### RECORDS TO PROCESS:

========================================

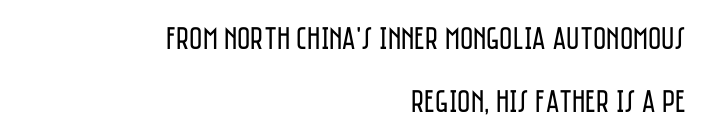
Q: Is the text bold? A: No.
Q: Is the text italic (slanted)? A: No, it is upright.
Q: Is the typeface a serif or a sans-serif typeface? A: Sans-serif.
Q: Is the text underlined? A: No.
Q: How is the paragraph aligned? A: Right-aligned.
Q: Is the spacing between letters normal or unusually wide? A: Normal.
Q: Is the spacing between lines tight, normal or loose? A: Loose.
Q: Width (condensed, normal, or wide)? A: Condensed.
Q: Stroke contrast? A: Low.
Q: x-height? A: Large.
Q: Monospaced? A: No.
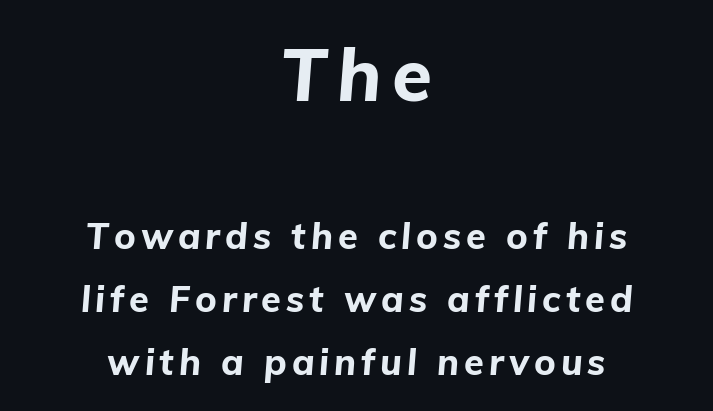
Clear beneath every line of the passage. The letters are slanted; this is an italic face. This sample is center-justified, so both line endings float freely. The initial chunk of copy outweighs the following chunk in type size. Stroke thickness is high; the sample reads as a true bold.
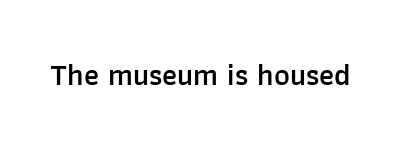
{"serif": "no", "italic": "no", "bold": "semi", "weight": "semibold", "width": "normal", "stroke_contrast": "low", "x_height": "medium", "monospaced": "no", "underline": "no", "letter_spacing": "normal", "letter_spacing_em": 0.0, "glyph_px": 30}

========================================

### TASK DIRECTIONS:
The records must come back exactly, with their pictures removed.

### SOLUTION:
Q: Is the text bold? A: No.
Q: Is the text italic (slanted)? A: No, it is upright.
Q: Is the typeface a serif or a sans-serif typeface? A: Sans-serif.
Q: Is the text underlined? A: No.
Q: How is the paragraph aligned? A: Right-aligned.
Q: Is the spacing between letters normal or unusually wide? A: Normal.
Q: Is the spacing between lines tight, normal or loose? A: Loose.
Q: Width (condensed, normal, or wide)? A: Condensed.
Q: Stroke contrast? A: Low.
Q: x-height? A: Large.
Q: Monospaced? A: No.
Clear beneath every line of the passage. The letters are slanted; this is an italic face. This sample is center-justified, so both line endings float freely. The initial chunk of copy outweighs the following chunk in type size. Stroke thickness is high; the sample reads as a true bold.
{"serif": "no", "italic": "no", "bold": "semi", "weight": "semibold", "width": "normal", "stroke_contrast": "low", "x_height": "medium", "monospaced": "no", "underline": "no", "letter_spacing": "normal", "letter_spacing_em": 0.0, "glyph_px": 30}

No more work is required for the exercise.